His newfound respect in a pressed uniform and shining boots gave him the control he craved. The military life agreed with him. She’d rarely seen him clean-shaven in their time together, but today he was entirely perfect. The standard Militia-issued Sig Sauer was holstered tightly against his thigh, but as a senior, he also carried a combat knife. It was for appearance more than action, dating back to the family traditions of sword-carrying over the centuries. They’d modernized it for practicality, but its intent was the same, and it rested beside the firearm, available for swift action.

‘Right where you should be, J Rae.’ His hands gripped the bars loosely and he leaned back, nodding to the cell next door. ‘In the company of another Rebellion loyalist, too.’

‘Locking away young girls now, Taz?’ a male voice teased from the cell next door. The charm it held made her smile. How she’d missed the shuffling of footsteps behind the wall so close, dully surprised her.

She straightened her legs, stretching to find the face belonging to the deep voice next door. Her body’s reluctance with its forming bruises screamed against the pain, as her bare feet found their place on the floor,.

‘My boys roughen you up, sweetheart?’ He glanced down the line and yelled at his officers playfully. ‘I told you men to go easy on her.’

She heard a ‘Sorry, boss,’ and used the top bunk to lean against.

‘Sorry, J Rae. They’re an overzealous bunch. Tough to control.’ His eyes lingered over her body. ‘Though a traitor like you wouldn’t understand the passion they hold. The conviction they possess.’

She discarded her spinning thoughts. Closing her mind to a creature of his status, power, and ability, drained her strength. Her head ached with concentration. She’d slipped with Sergeant Kicker, and Taris patiently waited for his chance to leap frog into her mind on the next opening.

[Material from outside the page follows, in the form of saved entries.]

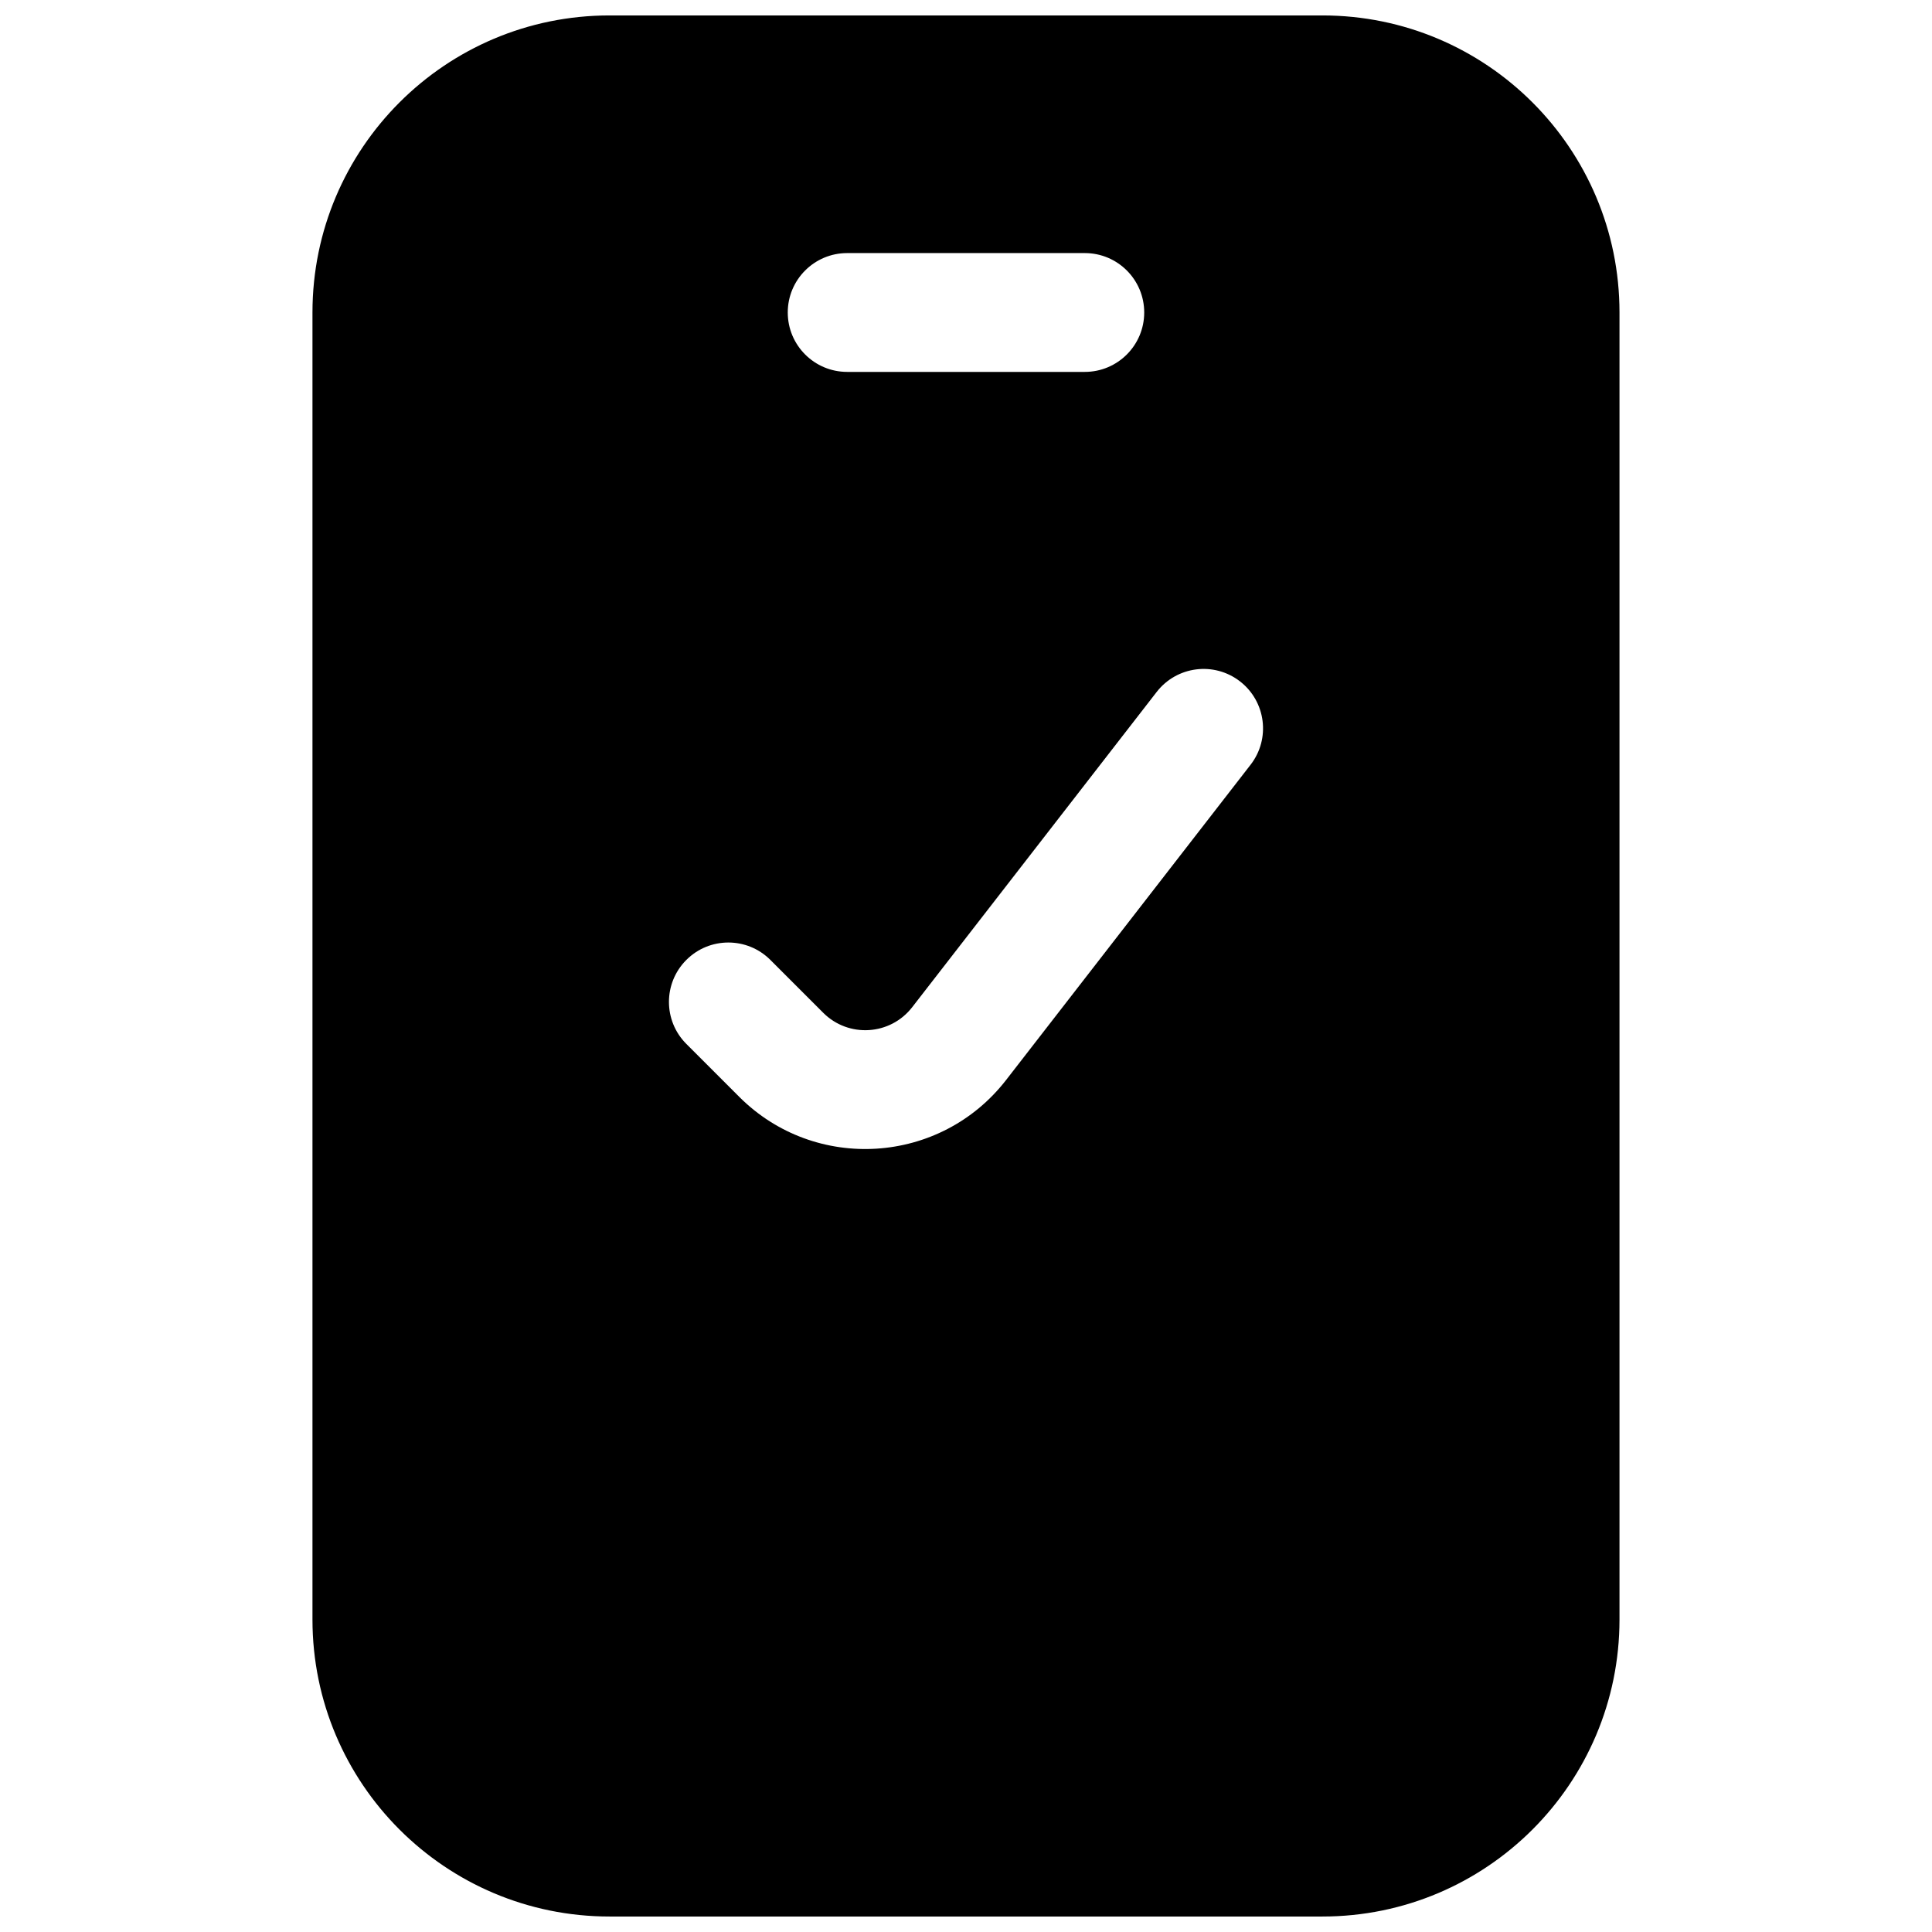<?xml version="1.0" encoding="UTF-8"?>
<!-- Uploaded to: SVG Repo, www.svgrepo.com, Generator: SVG Repo Mixer Tools -->
<svg width="800px" height="800px" version="1.1" viewBox="144 144 512 512" xmlns="http://www.w3.org/2000/svg">
 <defs>
  <clipPath id="a">
   <path d="m226 148.09h348v503.81h-348z"/>
  </clipPath>
 </defs>
 <g clip-path="url(#a)">
  <path d="m494.46 148.09c43.477 0 78.723 35.246 78.723 78.719v346.37c0 43.477-35.246 78.719-78.723 78.719h-188.93c-43.477 0-78.723-35.242-78.723-78.719v-346.37c0-43.473 35.246-78.719 78.723-78.719zm-21.84 176.49c6.871 5.328 8.125 15.219 2.793 22.09l-64.789 83.547c-17.426 22.469-50.613 24.562-70.723 4.453l-14.012-14.016c-6.148-6.148-6.148-16.117 0-22.262 6.148-6.152 16.117-6.152 22.266 0l14.012 14.012c6.703 6.703 17.766 6.008 23.574-1.484l64.793-83.547c5.328-6.871 15.215-8.121 22.086-2.793zm-104.11-113.51c-8.695 0-15.746 7.047-15.746 15.742s7.051 15.746 15.746 15.746h62.977c8.695 0 15.742-7.051 15.742-15.746s-7.047-15.742-15.742-15.742z" fill-rule="evenodd"/>
 </g>
</svg>

She limped to the cell bars, keeping her eyes down and her mind empty as she pushed her wrists through the gaps, and sung inside her mind. He reached for his knife and sung the gentle song with her. She wasn’t alone in her thoughts, she couldn’t block him completely, but it was a distraction. He edged the blade from its holster.

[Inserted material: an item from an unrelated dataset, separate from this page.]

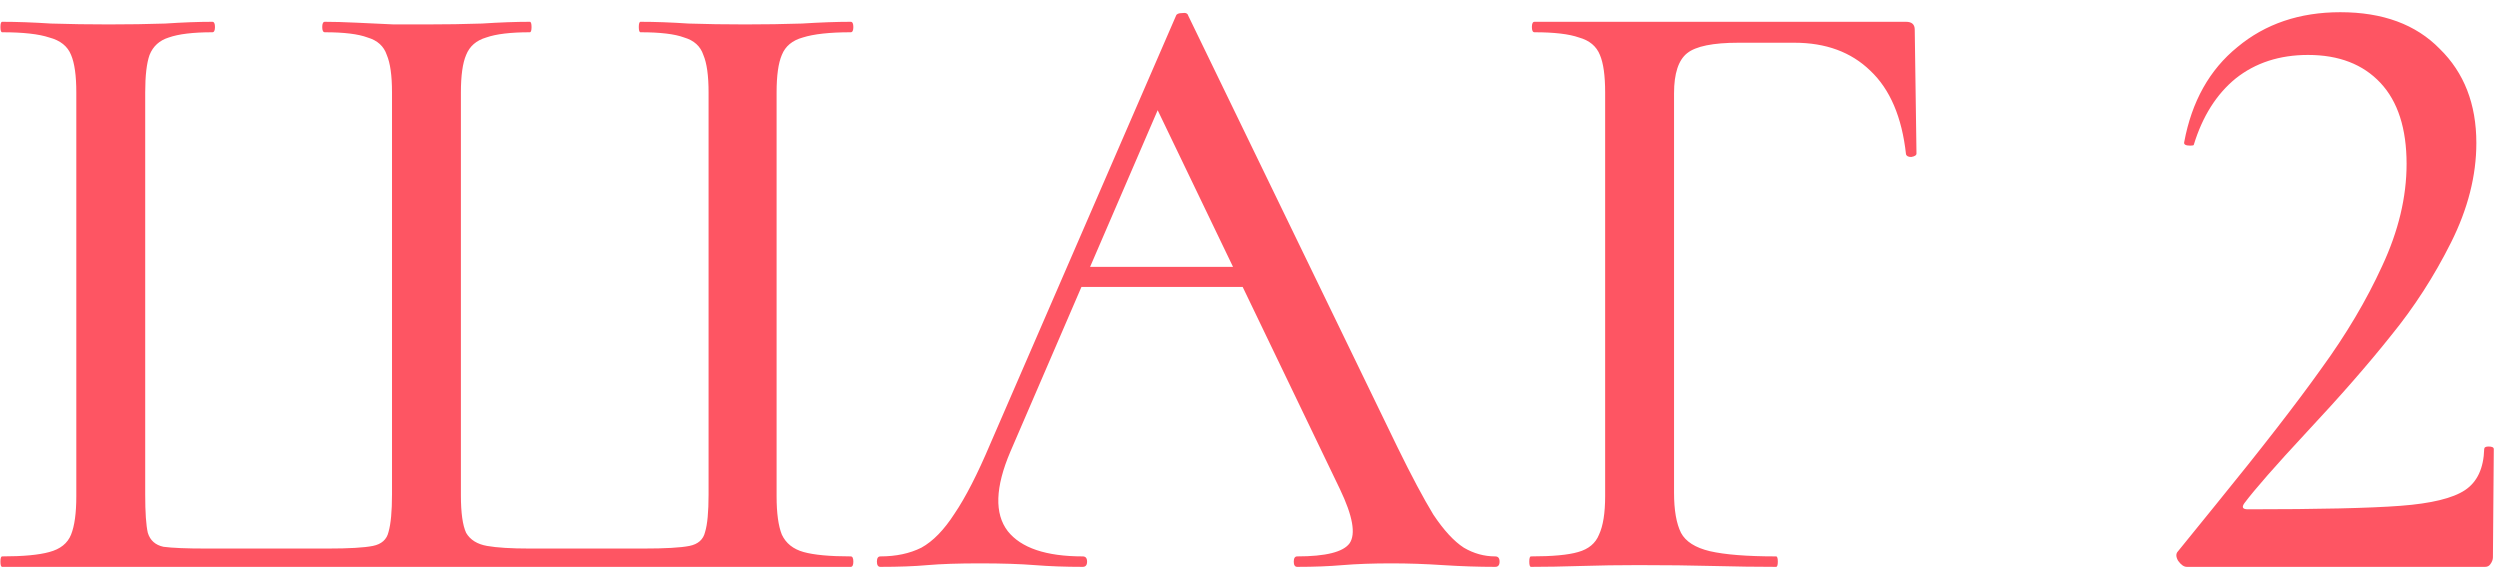 <?xml version="1.0" encoding="UTF-8"?> <svg xmlns="http://www.w3.org/2000/svg" width="172" height="39" viewBox="0 0 172 39" fill="none"><path d="M0.15 39C0.07 39 0.03 38.88 0.03 38.64C0.03 38.4 0.07 38.28 0.15 38.28C1.59 38.28 2.67 38.18 3.39 37.98C4.15 37.78 4.65 37.38 4.89 36.78C5.13 36.18 5.25 35.3 5.25 34.14V6.36C5.25 5.2 5.13 4.34 4.89 3.78C4.65 3.18 4.15 2.78 3.39 2.58C2.67 2.34 1.59 2.22 0.15 2.22C0.07 2.22 0.03 2.1 0.03 1.86C0.03 1.62 0.07 1.5 0.15 1.5C1.15 1.5 2.27 1.54 3.51 1.62C4.79 1.66 6.11 1.68 7.47 1.68C8.87 1.68 10.17 1.66 11.37 1.62C12.57 1.54 13.65 1.5 14.61 1.5C14.73 1.5 14.79 1.62 14.79 1.86C14.79 2.1 14.73 2.22 14.61 2.22C13.29 2.22 12.29 2.34 11.61 2.58C10.97 2.78 10.53 3.18 10.29 3.78C10.09 4.34 9.99 5.2 9.99 6.36V34.02C9.99 35.26 10.05 36.14 10.17 36.66C10.33 37.18 10.69 37.5 11.25 37.62C11.85 37.7 12.83 37.74 14.19 37.74H22.53C24.01 37.74 25.05 37.68 25.65 37.56C26.25 37.44 26.61 37.12 26.73 36.6C26.89 36.04 26.97 35.18 26.97 34.02V6.36C26.97 5.2 26.85 4.34 26.61 3.78C26.41 3.18 25.97 2.78 25.29 2.58C24.65 2.34 23.67 2.22 22.35 2.22C22.23 2.22 22.17 2.1 22.17 1.86C22.17 1.62 22.23 1.5 22.35 1.5C22.95 1.5 23.67 1.52 24.51 1.56C25.39 1.6 26.25 1.64 27.09 1.68C27.97 1.68 28.73 1.68 29.37 1.68C30.69 1.68 31.95 1.66 33.15 1.62C34.39 1.54 35.49 1.5 36.45 1.5C36.53 1.5 36.57 1.62 36.57 1.86C36.57 2.1 36.53 2.22 36.45 2.22C35.13 2.22 34.13 2.34 33.45 2.58C32.77 2.78 32.31 3.18 32.07 3.78C31.83 4.34 31.71 5.2 31.71 6.36V34.08C31.71 35.28 31.83 36.14 32.07 36.66C32.35 37.14 32.83 37.44 33.51 37.56C34.19 37.68 35.17 37.74 36.45 37.74H44.25C45.77 37.74 46.83 37.68 47.43 37.56C48.03 37.44 48.39 37.12 48.51 36.6C48.67 36.08 48.75 35.22 48.75 34.02V6.36C48.75 5.2 48.63 4.34 48.39 3.78C48.19 3.18 47.75 2.78 47.07 2.58C46.43 2.34 45.43 2.22 44.07 2.22C43.99 2.22 43.95 2.1 43.95 1.86C43.95 1.62 43.99 1.5 44.07 1.5C45.07 1.5 46.17 1.54 47.37 1.62C48.57 1.66 49.87 1.68 51.27 1.68C52.63 1.68 53.93 1.66 55.17 1.62C56.45 1.54 57.57 1.5 58.53 1.5C58.65 1.5 58.71 1.62 58.71 1.86C58.71 2.1 58.65 2.22 58.53 2.22C57.09 2.22 55.99 2.34 55.23 2.58C54.51 2.78 54.03 3.18 53.79 3.78C53.55 4.34 53.43 5.2 53.43 6.36V34.14C53.43 35.3 53.55 36.18 53.79 36.78C54.07 37.38 54.57 37.78 55.29 37.98C56.01 38.18 57.09 38.28 58.53 38.28C58.65 38.28 58.71 38.4 58.71 38.64C58.71 38.88 58.65 39 58.53 39H0.15ZM73.531 19.74L74.431 18.36H86.791L87.211 19.74H73.531ZM102.871 38.28C103.071 38.28 103.171 38.4 103.171 38.64C103.171 38.88 103.071 39 102.871 39C101.711 39 100.511 38.96 99.271 38.88C98.071 38.8 96.891 38.76 95.731 38.76C94.451 38.76 93.331 38.8 92.371 38.88C91.451 38.96 90.411 39 89.251 39C89.091 39 89.011 38.88 89.011 38.64C89.011 38.4 89.091 38.28 89.251 38.28C91.211 38.28 92.411 37.98 92.851 37.38C93.291 36.74 93.071 35.5 92.191 33.66L79.291 6.84L81.211 3.96L69.511 31.08C68.471 33.52 68.411 35.34 69.331 36.54C70.251 37.7 71.971 38.28 74.491 38.28C74.691 38.28 74.791 38.4 74.791 38.64C74.791 38.88 74.691 39 74.491 39C73.291 39 72.191 38.96 71.191 38.88C70.191 38.8 68.931 38.76 67.411 38.76C65.931 38.76 64.731 38.8 63.811 38.88C62.931 38.96 61.851 39 60.571 39C60.411 39 60.331 38.88 60.331 38.64C60.331 38.4 60.411 38.28 60.571 38.28C61.651 38.28 62.591 38.08 63.391 37.68C64.191 37.24 64.951 36.46 65.671 35.34C66.431 34.22 67.251 32.62 68.131 30.54L80.911 1.08C80.951 0.96 81.091 0.9 81.331 0.9C81.571 0.86 81.711 0.92 81.751 1.08L96.151 30.78C97.111 32.74 97.931 34.28 98.611 35.4C99.331 36.48 100.031 37.24 100.711 37.68C101.391 38.08 102.111 38.28 102.871 38.28ZM105.334 39C105.254 39 105.214 38.88 105.214 38.64C105.214 38.4 105.254 38.28 105.334 38.28C106.814 38.28 107.894 38.18 108.574 37.98C109.294 37.78 109.774 37.38 110.014 36.78C110.294 36.18 110.434 35.3 110.434 34.14V6.36C110.434 5.2 110.314 4.34 110.074 3.78C109.834 3.18 109.354 2.78 108.634 2.58C107.954 2.34 106.934 2.22 105.574 2.22C105.454 2.22 105.394 2.1 105.394 1.86C105.394 1.62 105.454 1.5 105.574 1.5H131.134C131.534 1.5 131.734 1.68 131.734 2.04L131.854 10.56C131.854 10.68 131.734 10.76 131.494 10.8C131.294 10.8 131.174 10.74 131.134 10.62C130.854 8.06 130.034 6.14 128.674 4.86C127.354 3.58 125.614 2.94 123.454 2.94H119.614C117.854 2.94 116.674 3.18 116.074 3.66C115.474 4.14 115.174 5.06 115.174 6.42V33.9C115.174 35.1 115.334 36.02 115.654 36.66C115.974 37.26 116.634 37.68 117.634 37.92C118.674 38.16 120.194 38.28 122.194 38.28C122.274 38.28 122.314 38.4 122.314 38.64C122.314 38.88 122.274 39 122.194 39C120.874 39 119.434 38.98 117.874 38.94C116.354 38.9 114.634 38.88 112.714 38.88C111.354 38.88 110.034 38.9 108.754 38.94C107.474 38.98 106.334 39 105.334 39ZM150.453 39C150.253 39 150.053 38.86 149.853 38.58C149.693 38.3 149.693 38.08 149.853 37.92L152.433 34.74C155.593 30.86 158.013 27.74 159.693 25.38C161.413 23.02 162.813 20.66 163.893 18.3C165.013 15.9 165.573 13.56 165.573 11.28C165.573 8.84 164.973 6.98 163.773 5.7C162.573 4.42 160.913 3.78 158.793 3.78C156.833 3.78 155.173 4.32 153.813 5.4C152.493 6.48 151.533 8 150.933 9.96C150.933 10 150.853 10.02 150.693 10.02C150.373 10.02 150.233 9.94 150.273 9.78C150.793 6.98 152.013 4.8 153.933 3.24C155.853 1.64 158.213 0.84 161.013 0.84C163.933 0.84 166.213 1.68 167.853 3.36C169.533 5 170.373 7.16 170.373 9.84C170.373 12.08 169.793 14.36 168.633 16.68C167.473 19 166.093 21.14 164.493 23.1C162.933 25.06 160.993 27.28 158.673 29.76C156.553 32.04 155.133 33.66 154.413 34.62C154.213 34.9 154.293 35.04 154.653 35.04C159.533 35.04 163.033 34.96 165.153 34.8C167.273 34.64 168.753 34.28 169.593 33.72C170.433 33.16 170.873 32.22 170.913 30.9C170.913 30.78 171.013 30.72 171.213 30.72C171.453 30.72 171.573 30.78 171.573 30.9L171.513 38.34C171.513 38.5 171.453 38.66 171.333 38.82C171.253 38.94 171.133 39 170.973 39H150.453Z" fill="#FE5563"></path></svg>

She waited for the knife to oblige with her bindings.

Her auburn hair covered most of her exotic features as she hung her head and hummed the song aloud.

The cold blade slipped between her wrists. The sharp edge cut through the binds like butter and the bounds snapped away, rushing blood through her long, fine fingers as she flexed them to life again. Her telling smile was his only warning. Crossing the yellow line betrayed him, and she bit down on his hand, tainting the yellow line with a spray of his blood.

‘Fucking bitch!’ he yelled.

The knife dropped from his grasp, bouncing through the bars and into her cell as they both leapt for it. She reached it first as he gripped his bloodied hand. The salty, red liquid on her lips reminded her of what she would become if she took her initiation. She had tasted him before during a binding ritual he had forced. With her blood in him, and his blood in her, Taris sensed her every move and knew her every location. She wiped her mouth clean, removing temptation and the very thoughts she had tried so long to escape. She went back to her thoughts of the Guild.

Should’ve listened. They warned me, they knew this would happen.

Only she had listened, but the months of covering her tracks had failed. Now she was squaring off a watcher and batting her usual out-of-league average.